**Exercise prompt:** Exactly the lines from the one with "Q: Is the text bold? A: Semi-bold." to the end of the listing must be repeated, both ends included, with nothing added.
***
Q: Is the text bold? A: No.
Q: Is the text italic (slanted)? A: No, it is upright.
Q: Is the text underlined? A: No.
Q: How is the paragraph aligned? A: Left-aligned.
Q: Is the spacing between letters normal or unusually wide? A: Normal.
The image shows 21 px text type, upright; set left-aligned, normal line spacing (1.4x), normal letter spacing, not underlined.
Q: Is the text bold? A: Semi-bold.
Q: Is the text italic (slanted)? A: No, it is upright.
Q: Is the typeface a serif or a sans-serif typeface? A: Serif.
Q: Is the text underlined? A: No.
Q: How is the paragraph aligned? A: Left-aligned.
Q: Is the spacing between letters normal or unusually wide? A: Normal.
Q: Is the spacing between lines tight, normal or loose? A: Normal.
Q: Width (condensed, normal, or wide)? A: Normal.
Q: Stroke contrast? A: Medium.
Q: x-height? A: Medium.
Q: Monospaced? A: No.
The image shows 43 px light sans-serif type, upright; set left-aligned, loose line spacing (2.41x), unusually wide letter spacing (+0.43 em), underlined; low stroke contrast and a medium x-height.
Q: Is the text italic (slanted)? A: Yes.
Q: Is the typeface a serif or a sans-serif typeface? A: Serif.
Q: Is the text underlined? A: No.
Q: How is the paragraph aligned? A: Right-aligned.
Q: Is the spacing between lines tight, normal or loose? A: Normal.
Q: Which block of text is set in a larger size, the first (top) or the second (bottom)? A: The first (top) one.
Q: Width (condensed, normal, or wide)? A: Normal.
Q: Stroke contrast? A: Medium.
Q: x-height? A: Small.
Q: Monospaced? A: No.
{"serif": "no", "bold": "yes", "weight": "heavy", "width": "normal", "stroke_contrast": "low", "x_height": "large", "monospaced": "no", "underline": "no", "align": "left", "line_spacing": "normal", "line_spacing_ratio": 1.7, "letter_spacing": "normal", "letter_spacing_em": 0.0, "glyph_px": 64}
***
**Written answer:**
Q: Is the text bold? A: Semi-bold.
Q: Is the text italic (slanted)? A: No, it is upright.
Q: Is the typeface a serif or a sans-serif typeface? A: Serif.
Q: Is the text underlined? A: No.
Q: How is the paragraph aligned? A: Left-aligned.
Q: Is the spacing between letters normal or unusually wide? A: Normal.
Q: Is the spacing between lines tight, normal or loose? A: Normal.
Q: Width (condensed, normal, or wide)? A: Normal.
Q: Stroke contrast? A: Medium.
Q: x-height? A: Medium.
Q: Monospaced? A: No.
The image shows 43 px light sans-serif type, upright; set left-aligned, loose line spacing (2.41x), unusually wide letter spacing (+0.43 em), underlined; low stroke contrast and a medium x-height.
Q: Is the text italic (slanted)? A: Yes.
Q: Is the typeface a serif or a sans-serif typeface? A: Serif.
Q: Is the text underlined? A: No.
Q: How is the paragraph aligned? A: Right-aligned.
Q: Is the spacing between lines tight, normal or loose? A: Normal.
Q: Which block of text is set in a larger size, the first (top) or the second (bottom)? A: The first (top) one.
Q: Width (condensed, normal, or wide)? A: Normal.
Q: Stroke contrast? A: Medium.
Q: x-height? A: Small.
Q: Monospaced? A: No.
{"serif": "no", "bold": "yes", "weight": "heavy", "width": "normal", "stroke_contrast": "low", "x_height": "large", "monospaced": "no", "underline": "no", "align": "left", "line_spacing": "normal", "line_spacing_ratio": 1.7, "letter_spacing": "normal", "letter_spacing_em": 0.0, "glyph_px": 64}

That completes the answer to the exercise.